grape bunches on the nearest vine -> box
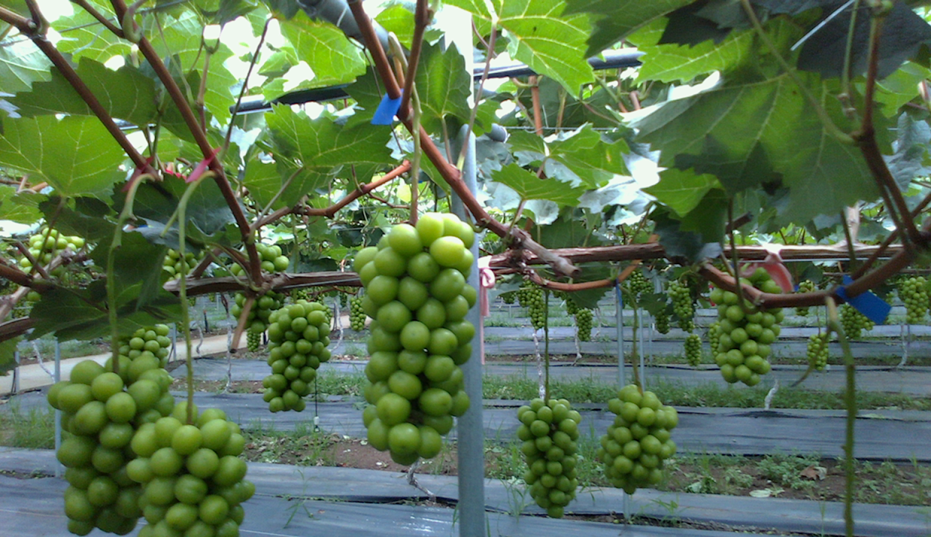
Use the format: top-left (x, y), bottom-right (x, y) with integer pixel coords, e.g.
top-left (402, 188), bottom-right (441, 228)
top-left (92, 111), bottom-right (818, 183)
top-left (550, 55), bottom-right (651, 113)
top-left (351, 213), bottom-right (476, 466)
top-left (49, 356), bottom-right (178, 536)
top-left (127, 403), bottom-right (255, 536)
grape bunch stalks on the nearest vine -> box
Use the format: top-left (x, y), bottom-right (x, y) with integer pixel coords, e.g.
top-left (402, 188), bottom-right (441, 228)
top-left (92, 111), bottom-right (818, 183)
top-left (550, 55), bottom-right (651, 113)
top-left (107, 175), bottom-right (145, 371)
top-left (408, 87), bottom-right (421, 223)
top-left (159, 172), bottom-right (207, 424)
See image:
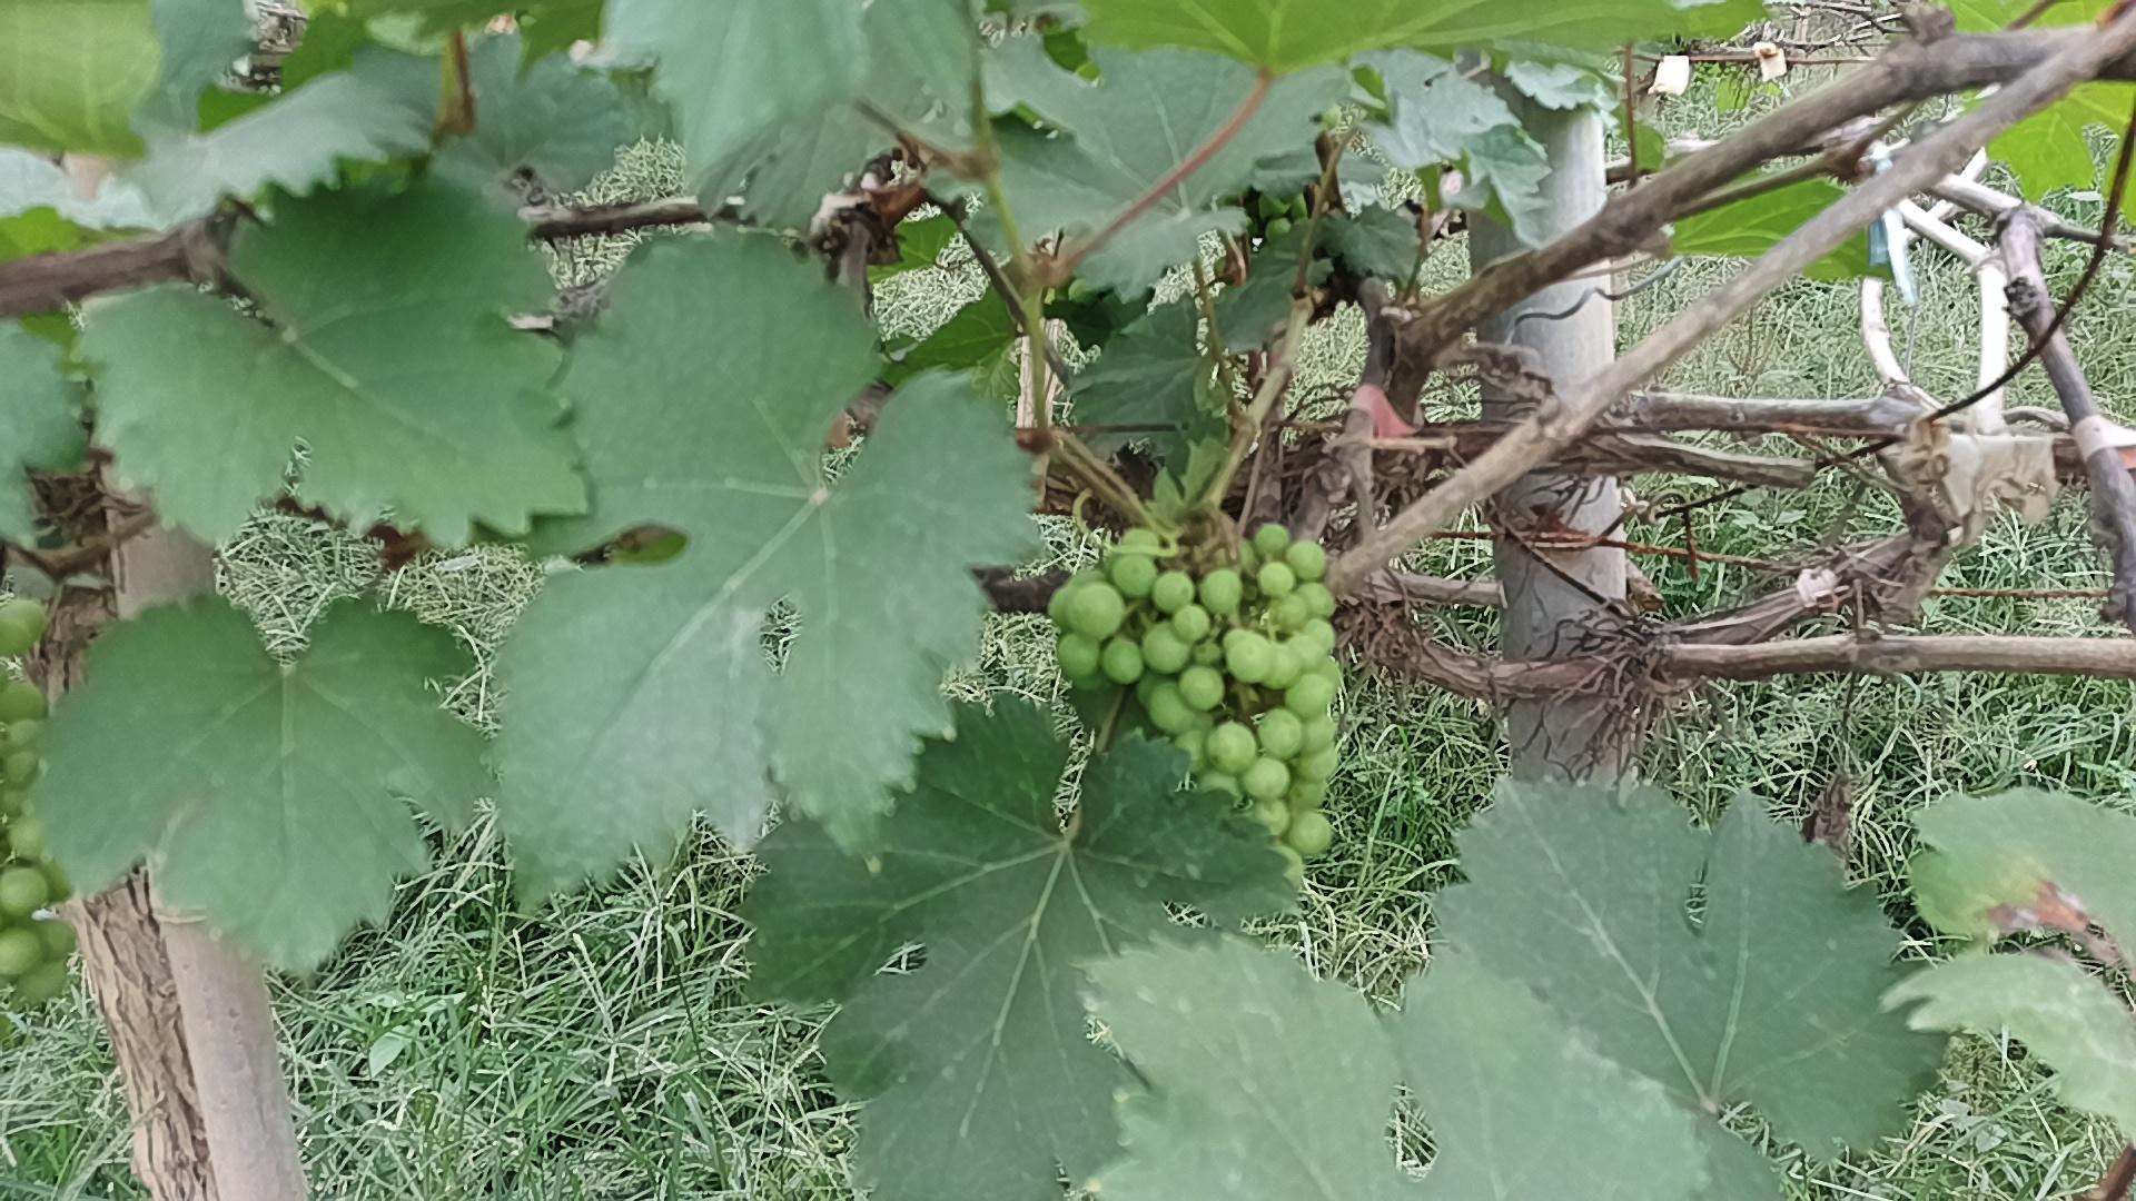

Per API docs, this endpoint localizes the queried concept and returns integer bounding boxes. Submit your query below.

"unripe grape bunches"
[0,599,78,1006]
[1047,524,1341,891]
* * *
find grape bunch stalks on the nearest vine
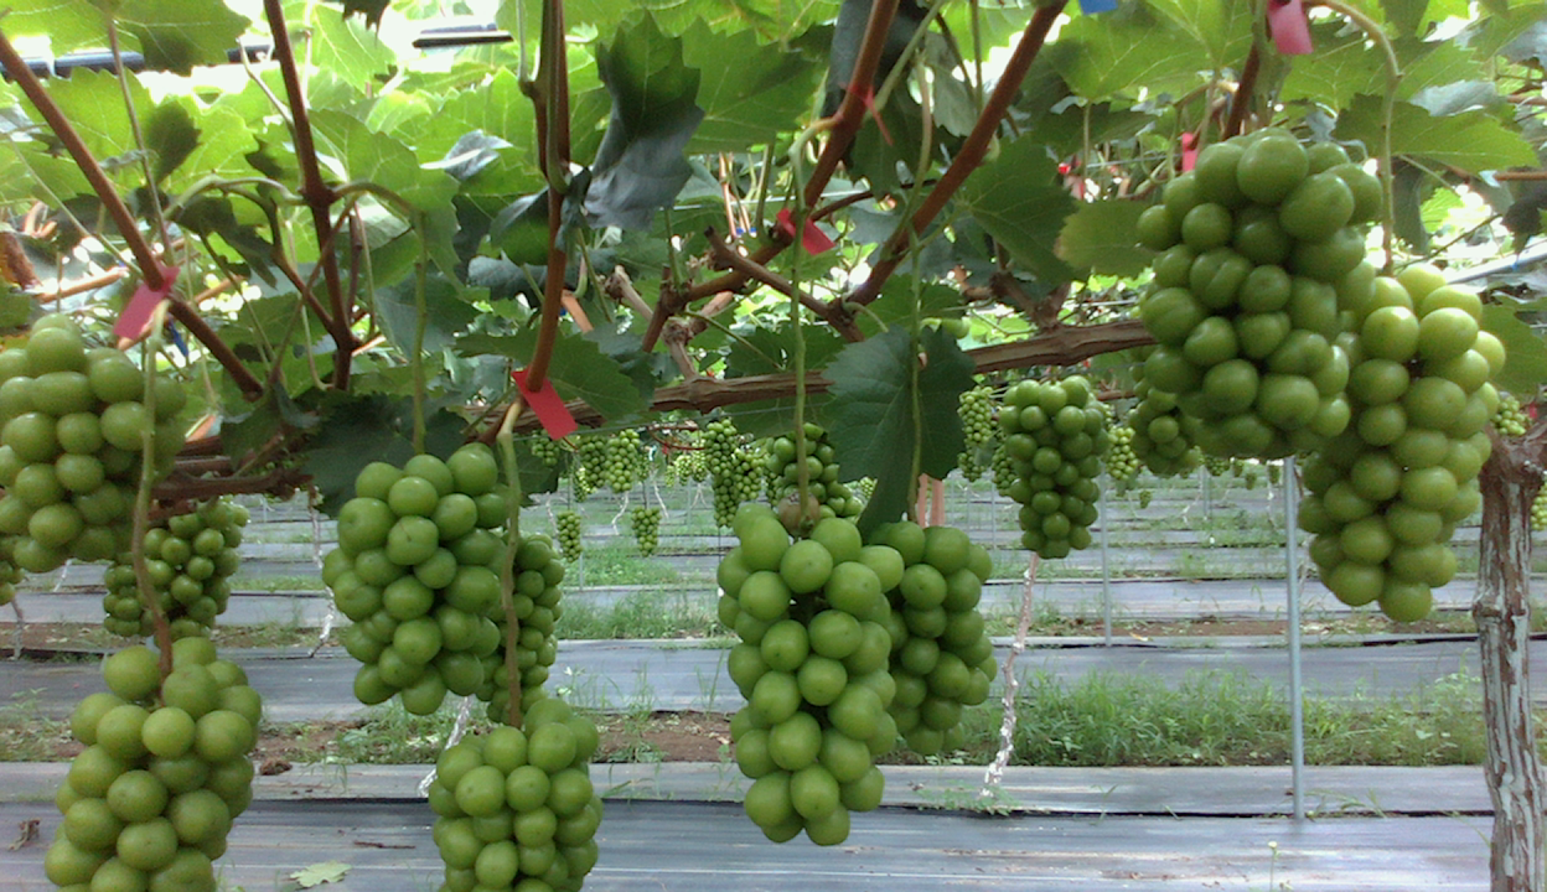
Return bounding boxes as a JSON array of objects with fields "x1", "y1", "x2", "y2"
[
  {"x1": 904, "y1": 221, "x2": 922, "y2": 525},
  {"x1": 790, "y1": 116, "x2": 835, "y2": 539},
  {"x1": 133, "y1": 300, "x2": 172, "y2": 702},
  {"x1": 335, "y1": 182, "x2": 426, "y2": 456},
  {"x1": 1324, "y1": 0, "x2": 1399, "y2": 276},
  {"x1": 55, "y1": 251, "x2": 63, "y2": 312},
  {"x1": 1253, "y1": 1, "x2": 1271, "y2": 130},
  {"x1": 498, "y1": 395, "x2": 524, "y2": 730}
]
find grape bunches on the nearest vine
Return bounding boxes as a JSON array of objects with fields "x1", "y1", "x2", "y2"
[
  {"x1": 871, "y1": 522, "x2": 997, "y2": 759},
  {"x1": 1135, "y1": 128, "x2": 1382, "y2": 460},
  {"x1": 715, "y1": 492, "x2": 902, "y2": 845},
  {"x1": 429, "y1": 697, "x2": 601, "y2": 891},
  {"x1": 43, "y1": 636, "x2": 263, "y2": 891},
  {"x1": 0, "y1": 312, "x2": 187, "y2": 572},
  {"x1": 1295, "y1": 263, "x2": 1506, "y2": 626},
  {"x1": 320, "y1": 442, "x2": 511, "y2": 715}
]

## Assignment:
Consider the entries above and return each line with the string "stalks".

## Task result:
grape bunch stalks on the nearest vine -> box
find grape bunch stalks on the nearest vine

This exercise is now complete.